Overview of the iter negative-ion-based neutral beam injector and its development

2012 
The ITER fusion device is intended to demonstrate the viability of magnetically confined deuterium-tritium plasma as an energy source. One of the principal methods of heating and driving current in the plasma will be energetic beams of neutral atoms of D° at up to 1 MeV and of H° at up to 870 KeV, with a total injectable neutral beam power after transit through the neutralizer and downstream beamline elements of 16.5 MW from each ion source for pulse lengths of up to 3600 seconds. These requirements far exceed those of any previous positive or negative ion source, thus spawning a substantial development program to ensure that they will be met with a robustly reliable system. The ion source will consist of a large plasma expansion region fed by 8 RF driver units, and will be cesiated to enhance surface production of negative ions, followed by a multi-aperture multi-grid extractor and electrostatic accelerator.
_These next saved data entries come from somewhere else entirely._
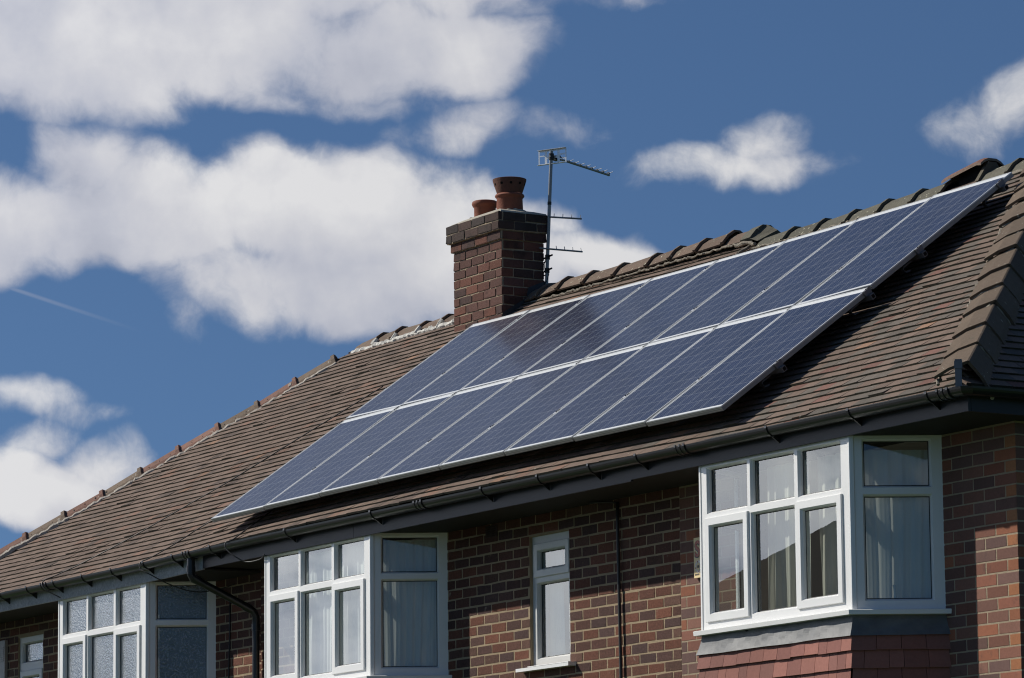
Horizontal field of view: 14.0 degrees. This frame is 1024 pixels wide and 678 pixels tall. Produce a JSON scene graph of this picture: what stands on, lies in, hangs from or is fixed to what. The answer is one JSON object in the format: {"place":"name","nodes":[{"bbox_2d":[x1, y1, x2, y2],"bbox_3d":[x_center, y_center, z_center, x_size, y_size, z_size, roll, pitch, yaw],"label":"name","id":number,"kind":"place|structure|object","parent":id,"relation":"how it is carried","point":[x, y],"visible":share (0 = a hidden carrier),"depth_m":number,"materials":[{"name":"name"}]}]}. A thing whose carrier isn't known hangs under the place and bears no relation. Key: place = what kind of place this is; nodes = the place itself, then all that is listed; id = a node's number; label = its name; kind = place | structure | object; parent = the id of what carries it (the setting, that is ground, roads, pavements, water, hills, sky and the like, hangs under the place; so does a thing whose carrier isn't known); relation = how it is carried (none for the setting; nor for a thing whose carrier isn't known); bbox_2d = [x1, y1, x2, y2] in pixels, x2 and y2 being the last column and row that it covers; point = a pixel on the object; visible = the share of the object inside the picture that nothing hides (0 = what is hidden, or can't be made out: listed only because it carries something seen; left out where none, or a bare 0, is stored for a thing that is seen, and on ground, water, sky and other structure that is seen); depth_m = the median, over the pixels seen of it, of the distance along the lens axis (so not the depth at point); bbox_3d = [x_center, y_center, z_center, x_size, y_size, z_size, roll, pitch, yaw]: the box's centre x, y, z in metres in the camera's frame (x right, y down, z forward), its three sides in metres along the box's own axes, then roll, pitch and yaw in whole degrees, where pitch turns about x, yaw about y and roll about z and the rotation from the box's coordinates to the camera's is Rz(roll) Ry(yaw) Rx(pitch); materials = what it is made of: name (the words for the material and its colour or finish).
{"place":"outdoors","nodes":[
{"label":"outdoors","id":0,"kind":"place"},
{"bbox_2d":[0,0,1023,548],"label":"sky","id":1,"kind":"structure","parent":0,"point":[205,204],"materials":[{"name":"blue"}]},
{"label":"ground","id":2,"kind":"structure","parent":0,"visible":0},
{"bbox_2d":[0,176,554,677],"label":"brick house","id":3,"kind":"structure","parent":2,"relation":"on","point":[116,612],"depth_m":39.12,"materials":[{"name":"brick"}]},
{"bbox_2d":[20,634,42,677],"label":"small window","id":4,"kind":"structure","parent":3,"relation":"in","point":[31,647],"depth_m":41.21,"materials":[{"name":"white plastic"}]},
{"bbox_2d":[58,581,215,677],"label":"bay window","id":5,"kind":"structure","parent":3,"relation":"in","point":[150,629],"depth_m":37.79,"materials":[{"name":"white plastic"}]},
{"bbox_2d":[139,520,233,592],"bbox_3d":[-2.578,1.733,37.418,1.612,1.078,0.226,-3,-9,17],"label":"cable","id":6,"kind":"object","parent":3,"relation":"attached to","point":[169,547],"visible":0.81,"depth_m":37.48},
{"bbox_2d":[41,386,382,597],"bbox_3d":[-2.846,1.435,38.990,3.353,1.897,0.219,-3,-9,13],"label":"cable","id":7,"kind":"object","parent":3,"relation":"attached to","point":[203,495],"visible":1,"depth_m":38.89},
{"bbox_2d":[537,147,611,284],"bbox_3d":[0.653,-1.035,39.389,0.311,1.406,1.098,-7,-11,35],"label":"tv aerial","id":8,"kind":"object","parent":3,"relation":"attached to","point":[552,157],"visible":1,"depth_m":39.07,"materials":[{"name":"metal"}]},
{"bbox_2d":[191,158,1023,677],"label":"brick house","id":9,"kind":"structure","parent":2,"relation":"on","point":[927,352],"depth_m":30.56,"materials":[{"name":"brick"}]},
{"bbox_2d":[224,507,276,562],"bbox_3d":[-2.160,1.590,36.165,0.677,0.749,0.504,13,-16,-56],"label":"cable","id":10,"kind":"object","parent":9,"relation":"attached to","point":[241,533],"visible":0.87,"depth_m":36.09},
{"bbox_2d":[307,544,363,674],"bbox_3d":[-1.431,2.285,34.803,0.039,1.070,1.220,5,-10,-30],"label":"net curtain","id":11,"kind":"object","parent":9,"relation":"hanging from","point":[319,627],"visible":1,"depth_m":34.98,"materials":[{"name":"white fabric"}]},
{"bbox_2d":[264,533,451,677],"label":"bay window","id":12,"kind":"structure","parent":9,"relation":"in","point":[370,583],"depth_m":34.23,"materials":[{"name":"white plastic"}]},
{"bbox_2d":[383,540,436,665],"bbox_3d":[-0.830,2.188,34.217,0.527,1.070,0.043,0,-9,0],"label":"net curtain","id":13,"kind":"object","parent":9,"relation":"hanging from","point":[410,623],"visible":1,"depth_m":34.21,"materials":[{"name":"white fabric"}]},
{"bbox_2d":[258,359,786,483],"bbox_3d":[-0.149,0.788,33.519,0.115,0.208,8.182,5,-10,-30],"label":"mounting rail","id":14,"kind":"object","parent":9,"relation":"attached to","point":[779,366],"visible":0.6,"depth_m":30.14,"materials":[{"name":"metal"}]},
{"bbox_2d":[211,406,397,522],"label":"solar panel","id":15,"kind":"object","parent":14,"relation":"attached to","point":[303,463],"visible":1,"depth_m":36.63,"materials":[{"name":"glass"}]},
{"bbox_2d":[264,392,455,509],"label":"solar panel","id":16,"kind":"object","parent":14,"relation":"attached to","point":[312,484],"visible":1,"depth_m":35.77,"materials":[{"name":"blue glass"}]},
{"bbox_2d":[319,377,515,496],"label":"solar panel","id":17,"kind":"object","parent":14,"relation":"attached to","point":[371,469],"visible":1,"depth_m":34.91,"materials":[{"name":"blue glass"}]},
{"bbox_2d":[377,361,578,482],"bbox_3d":[-0.264,0.683,34.081,1.652,0.040,0.994,-36,11,-30],"label":"solar panel","id":18,"kind":"object","parent":14,"relation":"attached to","point":[433,454],"visible":1,"depth_m":34.05,"materials":[{"name":"blue glass"}]},
{"bbox_2d":[439,344,645,469],"bbox_3d":[0.256,0.544,33.221,1.652,0.040,0.994,-36,11,-30],"label":"solar panel","id":19,"kind":"object","parent":14,"relation":"attached to","point":[498,439],"visible":1,"depth_m":33.19,"materials":[{"name":"blue glass"}]},
{"bbox_2d":[504,327,714,455],"bbox_3d":[0.777,0.406,32.361,1.652,0.040,0.994,-36,11,-30],"label":"solar panel","id":20,"kind":"object","parent":14,"relation":"attached to","point":[568,422],"visible":1,"depth_m":32.33,"materials":[{"name":"blue glass"}]},
{"bbox_2d":[573,308,788,440],"bbox_3d":[1.298,0.268,31.502,1.652,0.042,0.994,-37,11,-30],"label":"solar panel","id":21,"kind":"object","parent":14,"relation":"attached to","point":[641,405],"visible":1,"depth_m":31.47,"materials":[{"name":"blue glass"}]},
{"bbox_2d":[646,288,865,426],"bbox_3d":[1.820,0.132,30.642,1.652,0.041,0.994,-37,12,-30],"label":"solar panel","id":22,"kind":"object","parent":14,"relation":"attached to","point":[732,378],"visible":1,"depth_m":30.56,"materials":[{"name":"blue glass"}]},
{"bbox_2d":[516,531,575,672],"bbox_3d":[0.299,2.066,32.749,0.167,1.070,0.795,5,-10,-30],"label":"small window","id":23,"kind":"structure","parent":9,"relation":"in","point":[542,575],"depth_m":32.89,"materials":[{"name":"white plastic"}]},
{"bbox_2d":[549,549,564,655],"bbox_3d":[0.349,2.079,32.980,0.035,0.940,0.210,5,-10,-30],"label":"net curtain","id":24,"kind":"object","parent":9,"relation":"hanging from","point":[557,633],"visible":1,"depth_m":32.96,"materials":[{"name":"white fabric"}]},
{"bbox_2d":[336,287,875,425],"bbox_3d":[0.544,0.270,34.023,0.107,0.198,8.182,5,-10,-30],"label":"mounting rail","id":25,"kind":"object","parent":9,"relation":"attached to","point":[868,294],"visible":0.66,"depth_m":30.62,"materials":[{"name":"metal"}]},
{"bbox_2d":[384,244,927,389],"bbox_3d":[0.960,-0.040,34.325,0.115,0.211,8.182,5,-10,-30],"label":"mounting rail","id":26,"kind":"object","parent":9,"relation":"attached to","point":[920,251],"visible":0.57,"depth_m":30.95,"materials":[{"name":"metal"}]},
{"bbox_2d":[345,310,529,419],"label":"solar panel","id":27,"kind":"object","parent":26,"relation":"attached to","point":[438,363],"visible":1,"depth_m":37.49,"materials":[{"name":"blue glass"}]},
{"bbox_2d":[401,295,589,405],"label":"solar panel","id":28,"kind":"object","parent":26,"relation":"attached to","point":[505,342],"visible":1,"depth_m":36.63,"materials":[{"name":"blue glass"}]},
{"bbox_2d":[459,278,651,391],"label":"solar panel","id":29,"kind":"object","parent":26,"relation":"attached to","point":[551,337],"visible":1,"depth_m":35.77,"materials":[{"name":"blue glass"}]},
{"bbox_2d":[520,260,717,375],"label":"solar panel","id":30,"kind":"object","parent":26,"relation":"attached to","point":[600,331],"visible":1,"depth_m":34.91,"materials":[{"name":"blue glass"}]},
{"bbox_2d":[583,241,784,359],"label":"solar panel","id":31,"kind":"object","parent":26,"relation":"attached to","point":[663,316],"visible":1,"depth_m":34.05,"materials":[{"name":"blue glass"}]},
{"bbox_2d":[650,220,855,342],"bbox_3d":[1.940,-0.446,33.202,1.652,0.041,0.995,-36,11,-30],"label":"solar panel","id":32,"kind":"object","parent":26,"relation":"attached to","point":[733,297],"visible":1,"depth_m":33.19,"materials":[{"name":"blue glass"}]},
{"bbox_2d":[722,197,930,323],"bbox_3d":[2.456,-0.592,32.341,1.652,0.040,0.994,-37,11,-30],"label":"solar panel","id":33,"kind":"object","parent":26,"relation":"attached to","point":[815,270],"visible":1,"depth_m":32.33,"materials":[{"name":"blue glass"}]},
{"bbox_2d":[796,172,1013,304],"bbox_3d":[2.970,-0.742,31.479,1.652,0.042,0.995,-37,11,-30],"label":"solar panel","id":34,"kind":"object","parent":26,"relation":"attached to","point":[892,251],"visible":1,"depth_m":31.41,"materials":[{"name":"blue glass"}]},
{"bbox_2d":[694,537,699,577],"bbox_3d":[1.416,1.617,30.864,0.020,0.299,0.222,5,-10,-30],"label":"wall sign","id":35,"kind":"object","parent":9,"relation":"attached to","point":[696,557],"visible":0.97,"depth_m":30.92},
{"bbox_2d":[458,178,1008,334],"bbox_3d":[1.629,-0.539,34.810,0.129,0.232,8.182,5,-10,-30],"label":"mounting rail","id":36,"kind":"object","parent":9,"relation":"attached to","point":[1002,185],"visible":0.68,"depth_m":31.41,"materials":[{"name":"metal"}]},
{"bbox_2d":[767,459,810,609],"bbox_3d":[1.957,1.409,29.266,0.054,1.080,0.520,5,-10,-30],"label":"cream curtain","id":37,"kind":"object","parent":9,"relation":"hanging from","point":[781,558],"visible":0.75,"depth_m":29.34,"materials":[{"name":"beige fabric"}]},
{"bbox_2d":[693,435,951,677],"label":"bay window","id":38,"kind":"structure","parent":9,"relation":"in","point":[847,633],"depth_m":28.53,"materials":[{"name":"white plastic"}]},
{"bbox_2d":[817,453,840,595],"bbox_3d":[2.265,1.327,28.758,0.049,1.080,0.480,5,-10,-30],"label":"cream curtain","id":39,"kind":"object","parent":9,"relation":"hanging from","point":[829,471],"visible":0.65,"depth_m":28.86,"materials":[{"name":"beige fabric"}]},
{"bbox_2d":[893,585,896,597],"bbox_3d":[2.612,1.755,28.337,0.052,0.161,0.052,5,-10,-30],"label":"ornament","id":40,"kind":"object","parent":9,"relation":"on","point":[894,589],"visible":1,"depth_m":28.34,"materials":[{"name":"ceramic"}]},
{"bbox_2d":[863,450,930,597],"bbox_3d":[2.645,1.281,28.461,0.527,1.050,0.038,0,-9,-1],"label":"net curtain","id":41,"kind":"object","parent":9,"relation":"hanging from","point":[897,543],"visible":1,"depth_m":28.46,"materials":[{"name":"white fabric"}]}
]}

The plasma portion of the source is derived from a line of RF sources developed at IPP Garching, 1 and the extractor/accelerator from development work at JAEA 2 , with the integrated design of the ITER source being done at Consorzio RFX. Unlike the first generation of high power negative hydrogen ion isotope sources, the ITER source will have the major advantage of a succession of progressively more comprehensive test facilities, culminating in a full power and pulse length test bed at Consorzio RFX. This talk will discuss the major beamline components, including the ion source and accelerator, the neutralizer cell that converts a portion of the negative ions to neutrals, the residual ion deflection system, and the tokamak field compensation system. Some remaining physics and engineering issues, along with their expected resolution, will be discussed, as well as the development and testing strategy.